● **Records provided**:
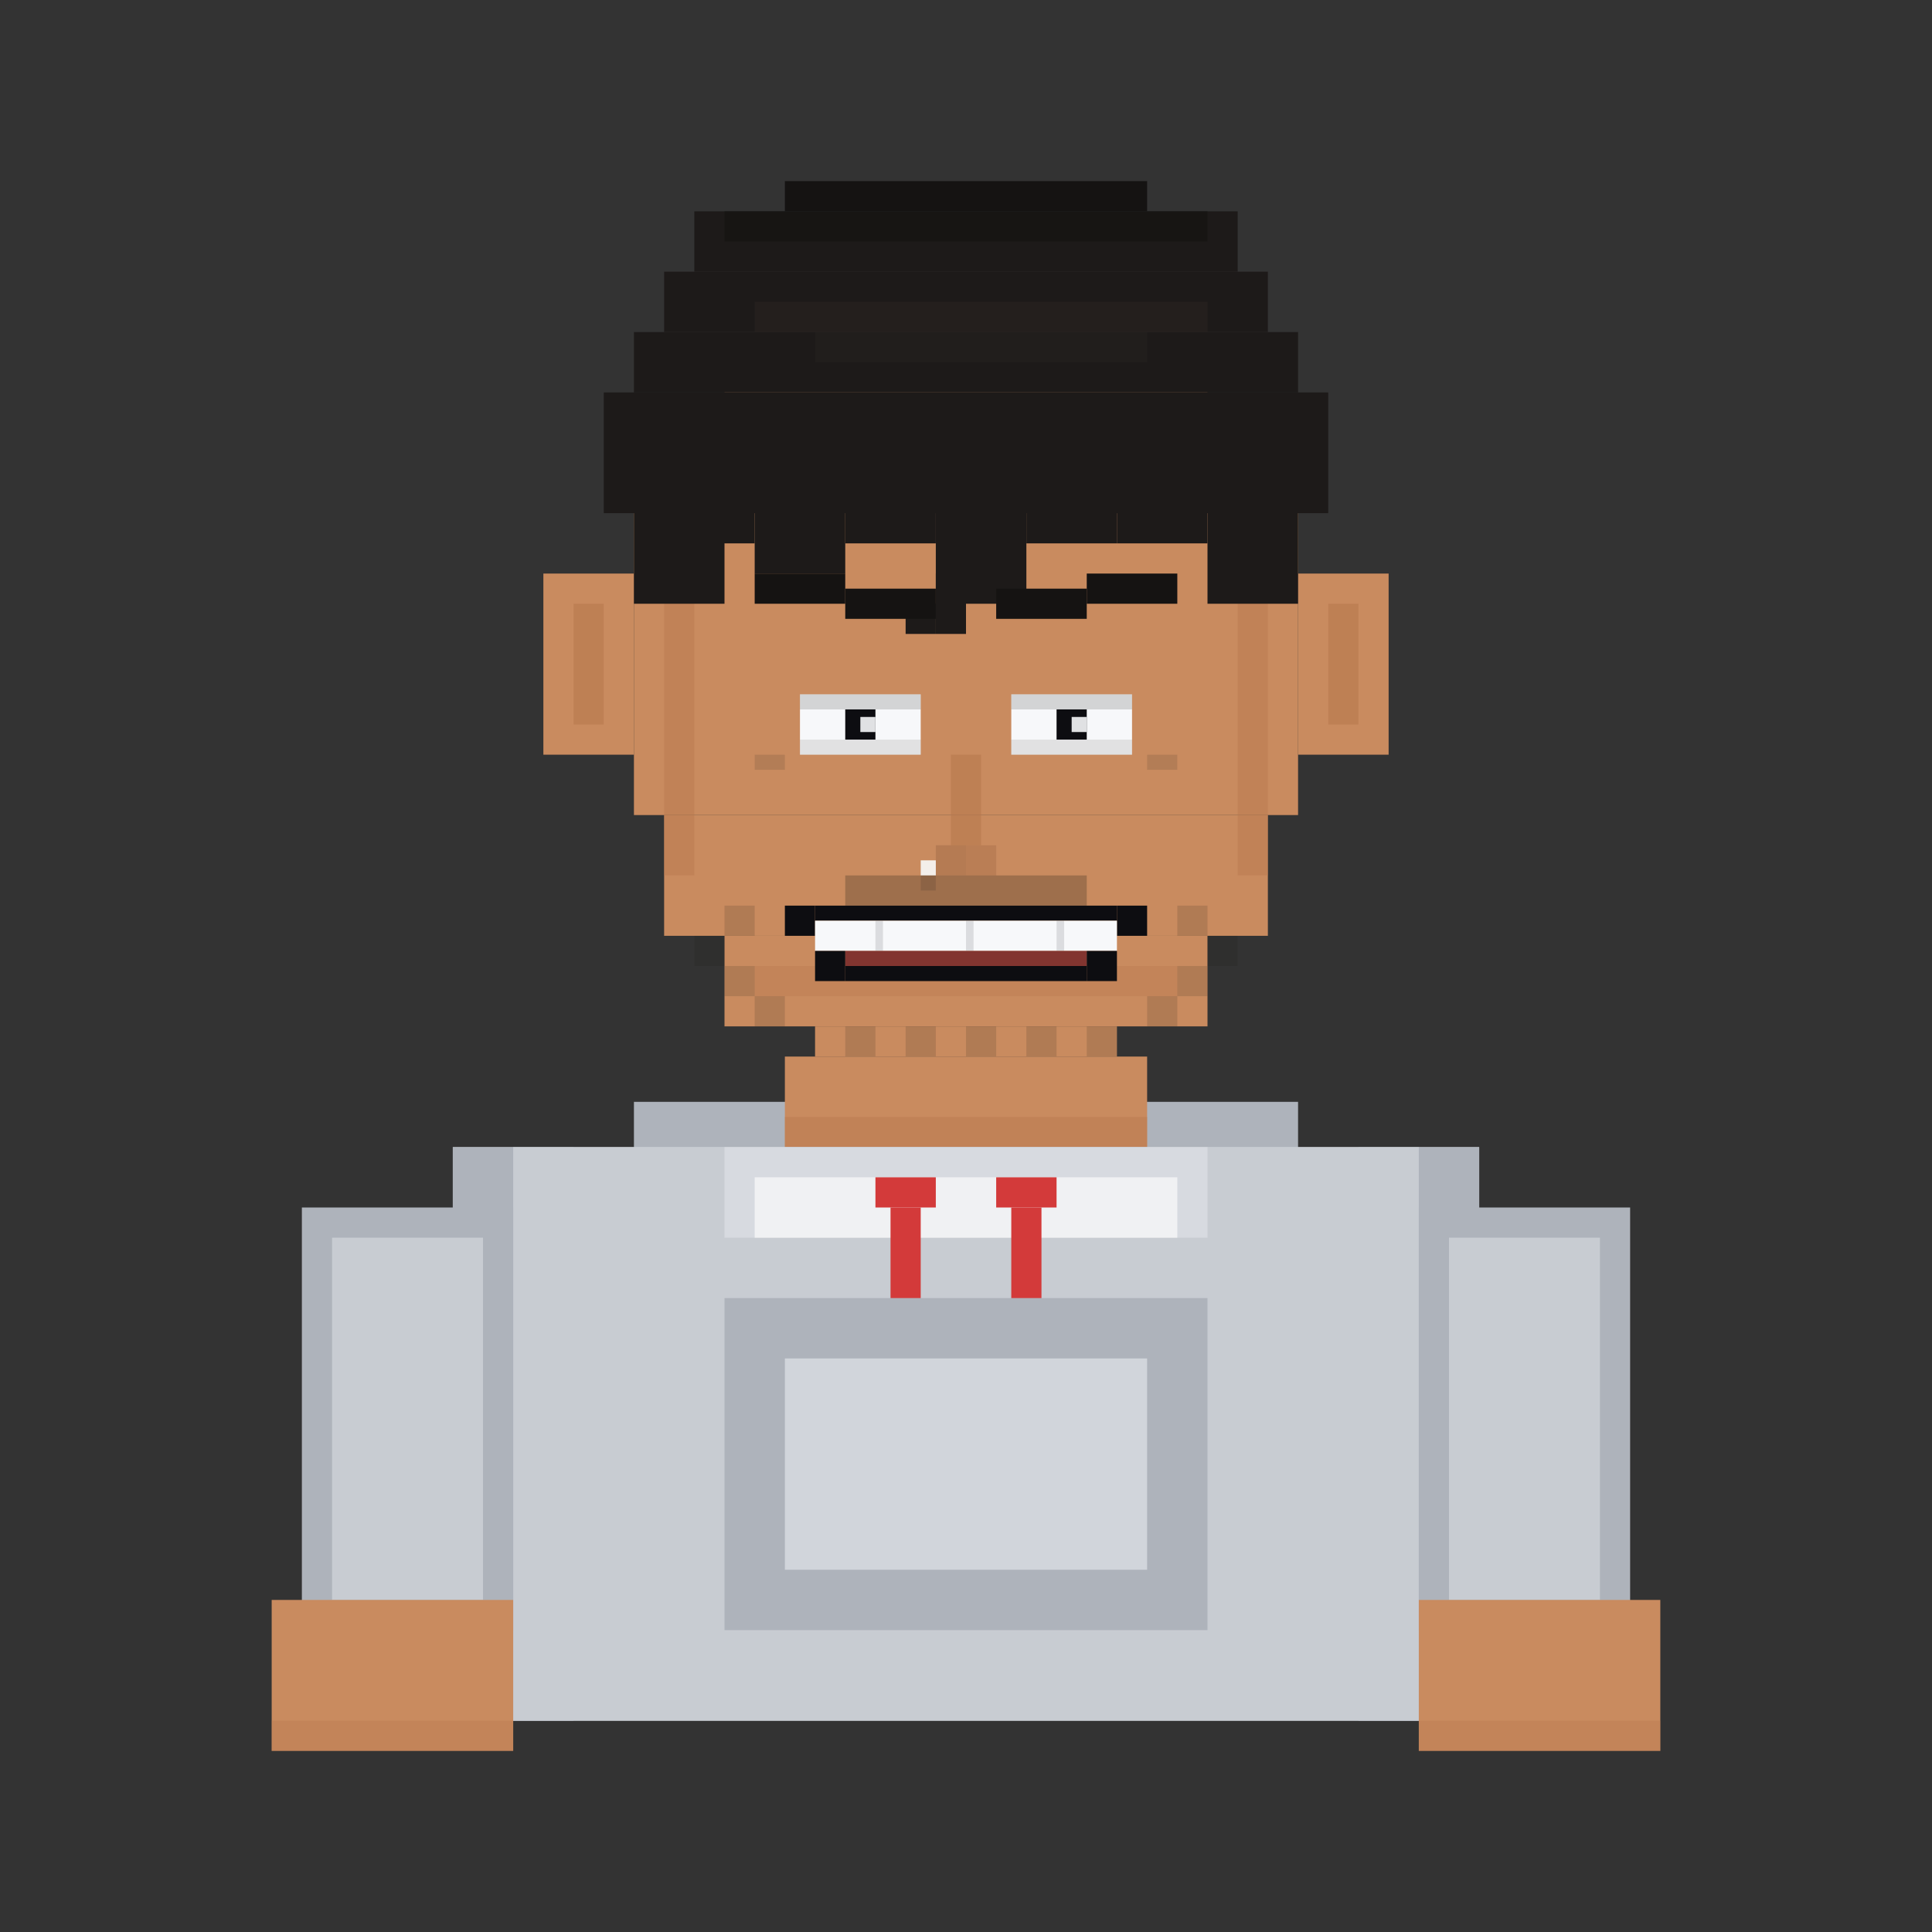 <svg xmlns="http://www.w3.org/2000/svg" width="512" height="512" viewBox="0 0 512 512" role="img" aria-label="Pixel portrait illustration">
  <rect x="0" y="0" width="512" height="512" fill="#333333" stroke="none"/>
  <title>Pixel portrait illustration</title>

  <defs>
    <style>
      .pixel {
        shape-rendering: geometricPrecision;
        image-rendering: auto;
      }
    </style>
  </defs>

  <!-- Hoodie (back/hood) -->
  <g class="pixel">
    <rect x="168" y="292" width="176" height="56" fill="#AEB3BB" />
    <rect x="136" y="304" width="240" height="152" fill="#C8CCD2" />
    <rect x="136" y="304" width="16" height="152" fill="#AEB3BB" />
    <rect x="360" y="304" width="16" height="152" fill="#AEB3BB" />
  </g>

  <!-- Head / face base -->
  <g class="pixel">
    <!-- Face shape (slightly oval) -->
    <rect x="192" y="96" width="128" height="16" fill="#C98B5F" />
    <rect x="176" y="112" width="160" height="16" fill="#C98B5F" />
    <rect x="168" y="128" width="176" height="88" fill="#C98B5F" />
    <rect x="176" y="216" width="160" height="32" fill="#C98B5F" />
    <rect x="192" y="248" width="128" height="24" fill="#C98B5F" />
    <rect x="216" y="272" width="80" height="8" fill="#C98B5F" />

    <!-- Face shading -->
    <rect x="176" y="144" width="8" height="88" fill="#B8794E" opacity="0.45" />
    <rect x="328" y="144" width="8" height="88" fill="#B8794E" opacity="0.45" />
    <rect x="200" y="256" width="112" height="8" fill="#B8794E" opacity="0.35" />
  </g>

  <!-- Ears -->
  <g class="pixel">
    <rect x="144" y="152" width="24" height="48" fill="#C98B5F" />
    <rect x="344" y="152" width="24" height="48" fill="#C98B5F" />
    <rect x="152" y="160" width="8" height="32" fill="#B8794E" opacity="0.6" />
    <rect x="352" y="160" width="8" height="32" fill="#B8794E" opacity="0.6" />
  </g>

  <!-- Hair (messy/wavy, short sides) -->
  <g class="pixel">
    <!-- Main mass -->
    <rect x="176" y="72" width="160" height="16" fill="#1D1A19" />
    <rect x="168" y="88" width="176" height="16" fill="#1D1A19" />
    <rect x="160" y="104" width="192" height="32" fill="#1D1A19" />
    <rect x="184" y="56" width="144" height="16" fill="#1D1A19" />
    <rect x="208" y="48" width="96" height="8" fill="#151312" />
    <rect x="192" y="56" width="128" height="8" fill="#151312" opacity="0.7" />

    <!-- Side fades -->
    <rect x="168" y="104" width="24" height="56" fill="#1D1A19" />
    <rect x="320" y="104" width="24" height="56" fill="#1D1A19" />

    <!-- Fringe / curls -->
    <rect x="184" y="120" width="16" height="24" fill="#1D1A19" />
    <rect x="200" y="112" width="24" height="40" fill="#1D1A19" />
    <rect x="224" y="120" width="24" height="24" fill="#1D1A19" />
    <rect x="248" y="112" width="24" height="48" fill="#1D1A19" />
    <rect x="272" y="120" width="24" height="24" fill="#1D1A19" />
    <rect x="296" y="128" width="24" height="16" fill="#1D1A19" />

    <!-- Stray lock -->
    <rect x="248" y="152" width="8" height="16" fill="#1D1A19" />
    <rect x="240" y="160" width="8" height="8" fill="#1D1A19" />

    <!-- Highlight -->
    <rect x="200" y="80" width="120" height="8" fill="#2A2422" opacity="0.55" />
    <rect x="216" y="88" width="88" height="8" fill="#2A2422" opacity="0.4" />
  </g>

  <!-- Brows -->
  <g class="pixel">
    <rect x="200" y="152" width="24" height="8" fill="#151312" />
    <rect x="224" y="156" width="24" height="8" fill="#151312" />
    <rect x="264" y="156" width="24" height="8" fill="#151312" />
    <rect x="288" y="152" width="24" height="8" fill="#151312" />
  </g>

  <!-- Eyes -->
  <g class="pixel">
    <!-- Left eye -->
    <rect x="212" y="184" width="32" height="16" fill="#F7F8FA" />
    <rect x="224" y="188" width="8" height="8" fill="#0D0D11" />
    <rect x="228" y="190" width="4" height="4" fill="#F7F8FA" opacity="0.9" />
    <rect x="212" y="184" width="32" height="4" fill="#151312" opacity="0.16" />
    <rect x="212" y="196" width="32" height="4" fill="#151312" opacity="0.1" />

    <!-- Right eye -->
    <rect x="268" y="184" width="32" height="16" fill="#F7F8FA" />
    <rect x="280" y="188" width="8" height="8" fill="#0D0D11" />
    <rect x="284" y="190" width="4" height="4" fill="#F7F8FA" opacity="0.9" />
    <rect x="268" y="184" width="32" height="4" fill="#151312" opacity="0.16" />
    <rect x="268" y="196" width="32" height="4" fill="#151312" opacity="0.1" />

    <!-- Smile lines -->
    <rect x="200" y="200" width="8" height="4" fill="#151312" opacity="0.12" />
    <rect x="304" y="200" width="8" height="4" fill="#151312" opacity="0.12" />
  </g>

  <!-- Nose -->
  <g class="pixel">
    <rect x="252" y="200" width="8" height="24" fill="#B8794E" opacity="0.6" />
    <rect x="248" y="224" width="16" height="8" fill="#B8794E" opacity="0.35" />
    <rect x="248" y="224" width="8" height="8" fill="#0D0D11" opacity="0.08" />
    <rect x="256" y="224" width="8" height="8" fill="#0D0D11" opacity="0.05" />

    <!-- Nose stud -->
    <rect x="244" y="228" width="4" height="4" fill="#F7F8FA" opacity="0.9" />
    <rect x="244" y="232" width="4" height="4" fill="#0D0D11" opacity="0.12" />
  </g>

  <!-- Stubble (subtle) -->
  <g class="pixel" opacity="0.14">
    <!-- Cheeks -->
    <rect x="192" y="240" width="8" height="8" fill="#151312" />
    <rect x="312" y="240" width="8" height="8" fill="#151312" />
    <rect x="184" y="248" width="8" height="8" fill="#151312" />
    <rect x="320" y="248" width="8" height="8" fill="#151312" />
    <rect x="192" y="256" width="8" height="8" fill="#151312" />
    <rect x="312" y="256" width="8" height="8" fill="#151312" />
    <rect x="200" y="264" width="8" height="8" fill="#151312" />
    <rect x="304" y="264" width="8" height="8" fill="#151312" />

    <!-- Chin -->
    <rect x="224" y="272" width="8" height="8" fill="#151312" />
    <rect x="240" y="272" width="8" height="8" fill="#151312" />
    <rect x="256" y="272" width="8" height="8" fill="#151312" />
    <rect x="272" y="272" width="8" height="8" fill="#151312" />
    <rect x="288" y="272" width="8" height="8" fill="#151312" />
  </g>

  <!-- Facial hair (moustache) -->
  <g class="pixel" opacity="0.24">
    <rect x="224" y="232" width="64" height="8" fill="#151312" />
  </g>

  <!-- Smile (wide, toothy) -->
  <g class="pixel">
    <!-- Corners -->
    <rect x="208" y="240" width="8" height="8" fill="#0D0D11" />
    <rect x="296" y="240" width="8" height="8" fill="#0D0D11" />

    <!-- Upper outline -->
    <rect x="216" y="240" width="80" height="4" fill="#0D0D11" />

    <!-- Teeth -->
    <rect x="216" y="244" width="80" height="8" fill="#F7F8FA" />
    <rect x="232" y="244" width="2" height="8" fill="#0D0D11" opacity="0.12" />
    <rect x="256" y="244" width="2" height="8" fill="#0D0D11" opacity="0.12" />
    <rect x="280" y="244" width="2" height="8" fill="#0D0D11" opacity="0.12" />

    <!-- Mouth shadow -->
    <rect x="224" y="252" width="64" height="4" fill="#7A2C2C" opacity="0.9" />

    <!-- Bottom outline -->
    <rect x="224" y="256" width="64" height="4" fill="#0D0D11" />
    <rect x="216" y="252" width="8" height="8" fill="#0D0D11" />
    <rect x="288" y="252" width="8" height="8" fill="#0D0D11" />
  </g>

  <!-- Neck -->
  <g class="pixel">
    <rect x="208" y="280" width="96" height="24" fill="#C98B5F" />
    <rect x="208" y="296" width="96" height="8" fill="#B8794E" opacity="0.45" />
  </g>

  <!-- Hoodie (front) -->
  <g class="pixel">
    <rect x="120" y="304" width="272" height="152" fill="#C8CCD2" />
    <rect x="120" y="304" width="16" height="152" fill="#AEB3BB" />
    <rect x="376" y="304" width="16" height="152" fill="#AEB3BB" />

    <!-- Collar -->
    <rect x="192" y="304" width="128" height="24" fill="#D7DAE0" />
    <rect x="200" y="312" width="112" height="16" fill="#F0F1F3" />

    <!-- Drawstrings (red) -->
    <rect x="236" y="320" width="8" height="64" fill="#D33A3A" />
    <rect x="268" y="320" width="8" height="64" fill="#D33A3A" />
    <rect x="232" y="312" width="16" height="8" fill="#D33A3A" />
    <rect x="264" y="312" width="16" height="8" fill="#D33A3A" />
    <rect x="232" y="384" width="16" height="8" fill="#D33A3A" opacity="0.85" />
    <rect x="264" y="384" width="16" height="8" fill="#D33A3A" opacity="0.85" />

    <!-- Chest patch -->
    <rect x="192" y="344" width="128" height="88" fill="#AEB3BB" />
    <rect x="208" y="360" width="96" height="56" fill="#D7DAE0" opacity="0.85" />
  </g>

  <!-- Sleeves + hands -->
  <g class="pixel">
    <rect x="80" y="320" width="56" height="112" fill="#AEB3BB" />
    <rect x="376" y="320" width="56" height="112" fill="#AEB3BB" />
    <rect x="88" y="328" width="40" height="96" fill="#C8CCD2" />
    <rect x="384" y="328" width="40" height="96" fill="#C8CCD2" />

    <rect x="72" y="424" width="64" height="40" fill="#C98B5F" />
    <rect x="376" y="424" width="64" height="40" fill="#C98B5F" />
    <rect x="72" y="456" width="64" height="8" fill="#B8794E" opacity="0.35" />
    <rect x="376" y="456" width="64" height="8" fill="#B8794E" opacity="0.35" />
  </g>

</svg>

● **What this task involves**: Nothing but a number should be given for this: how many lines in the entries above contain "rendering"?

● **Task answer**: 2